:: EXERCISE ::
Return the lines of the material below exactly, beginning with the line that has "momento que a" in it and finishing with the line that has "ucraine Zavazka e" in it. Leave all pictures aside.

:: SUPPLIED ENTRIES ::
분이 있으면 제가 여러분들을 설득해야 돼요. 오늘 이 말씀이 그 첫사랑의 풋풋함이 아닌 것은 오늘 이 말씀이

* * *

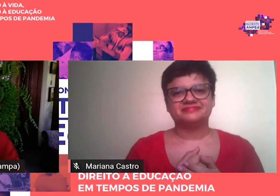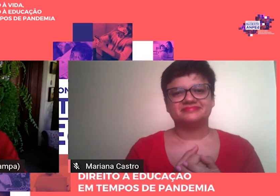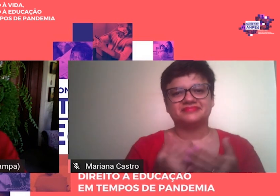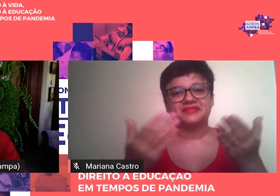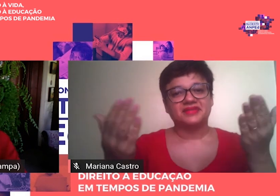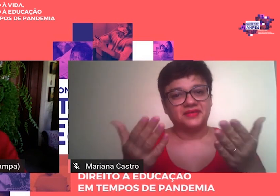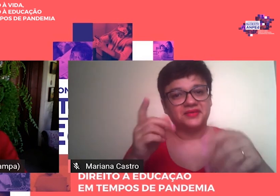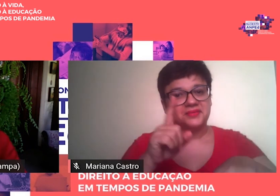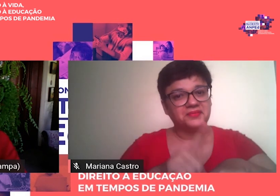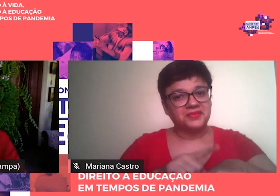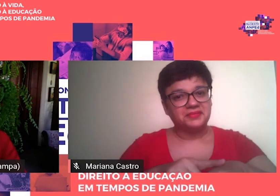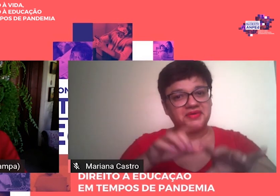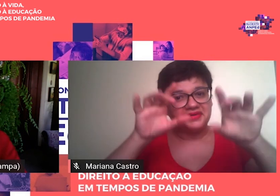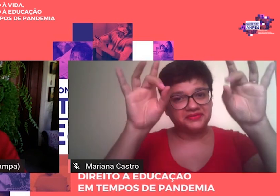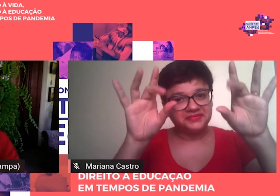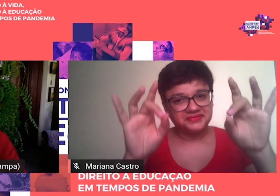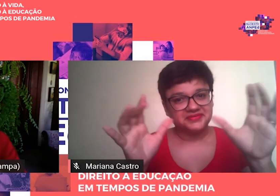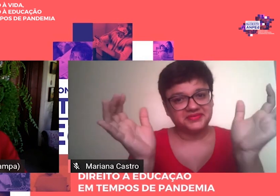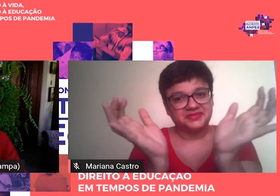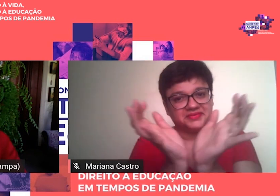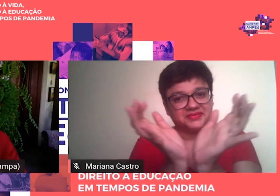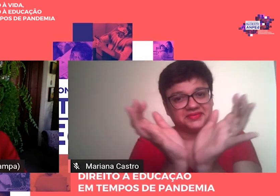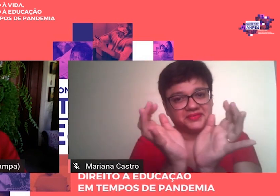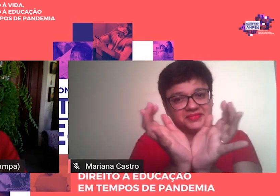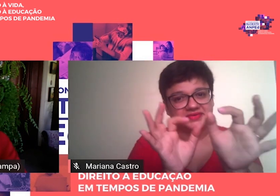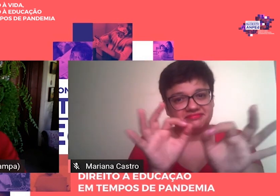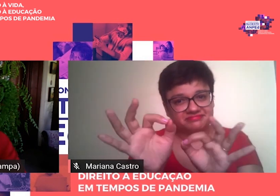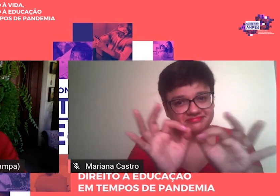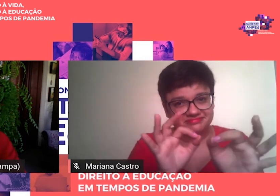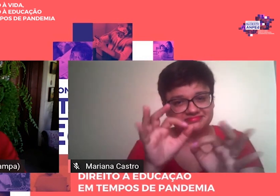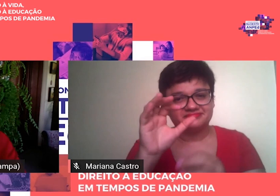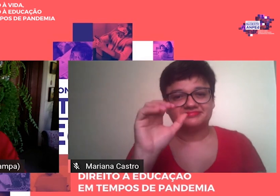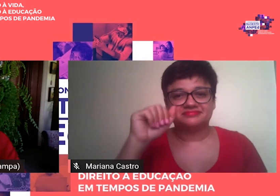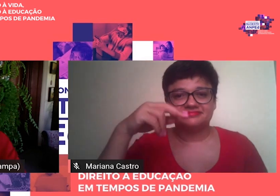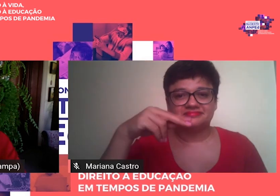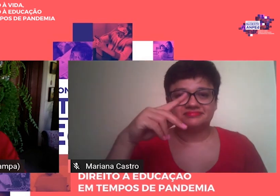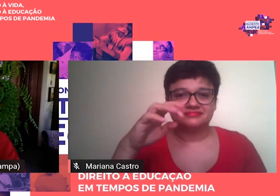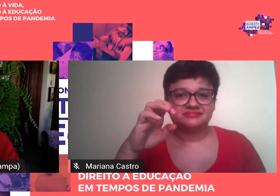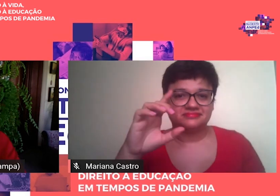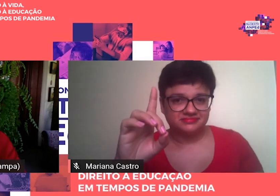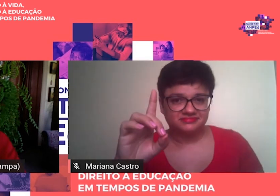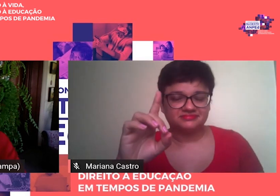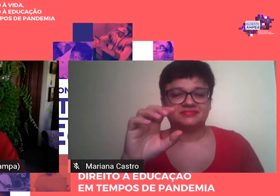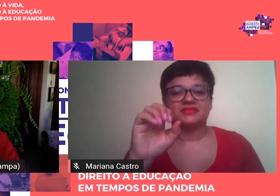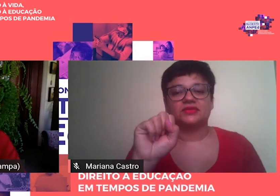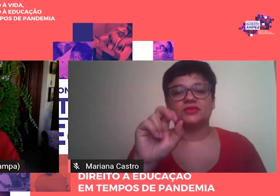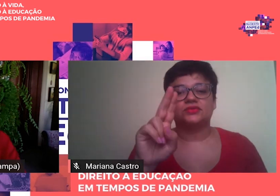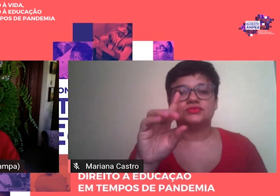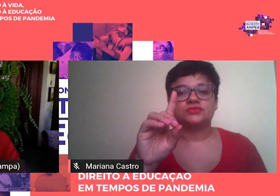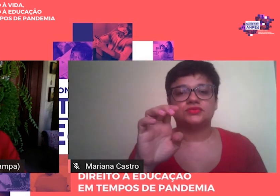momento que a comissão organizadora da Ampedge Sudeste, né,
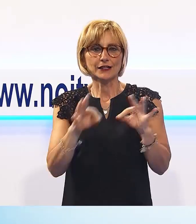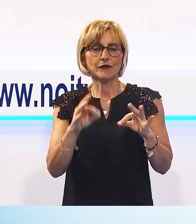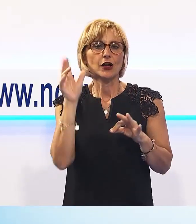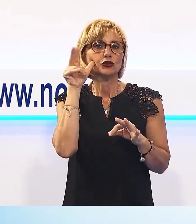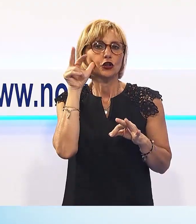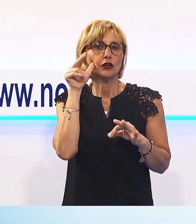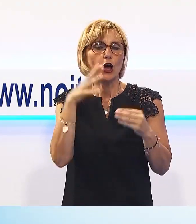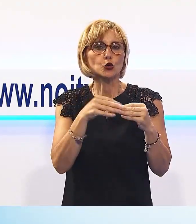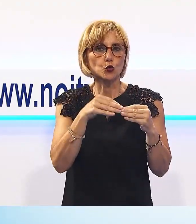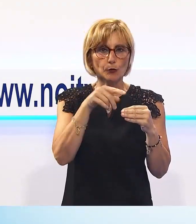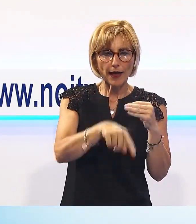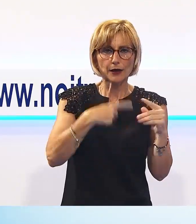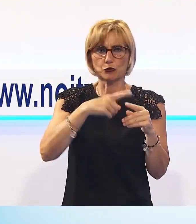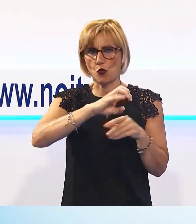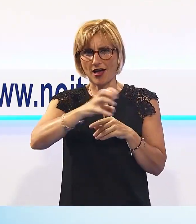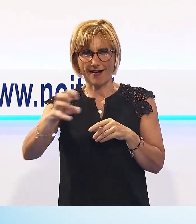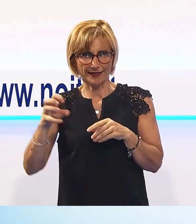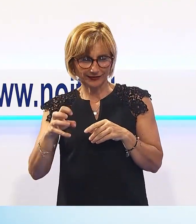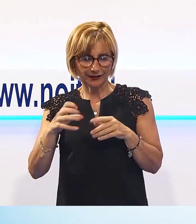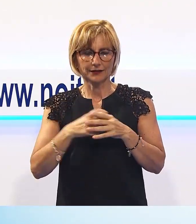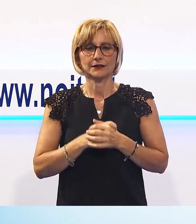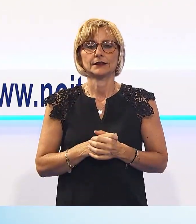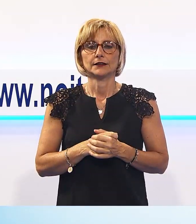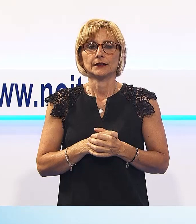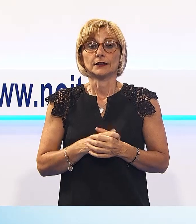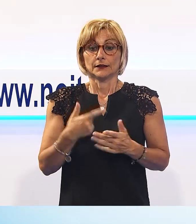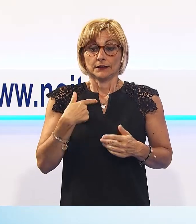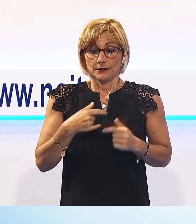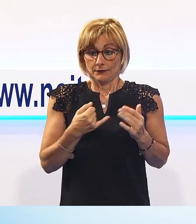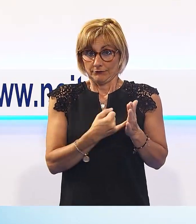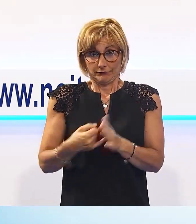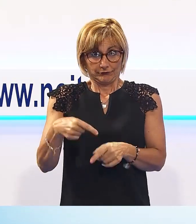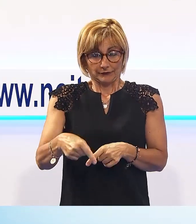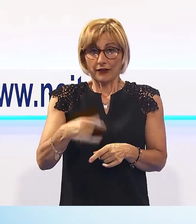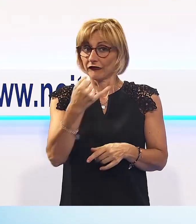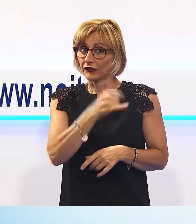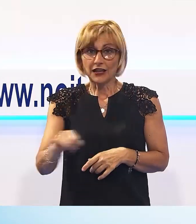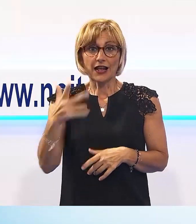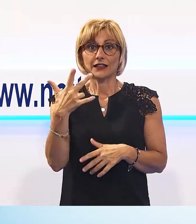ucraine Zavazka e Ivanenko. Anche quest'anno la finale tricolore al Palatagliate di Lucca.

:: OUTPUT FOR THIS EXERCISE ::
momento que a comissão organizadora da Ampedge Sudeste, né,
ucraine Zavazka e Ivanenko. Anche quest'anno la finale tricolore al Palatagliate di Lucca.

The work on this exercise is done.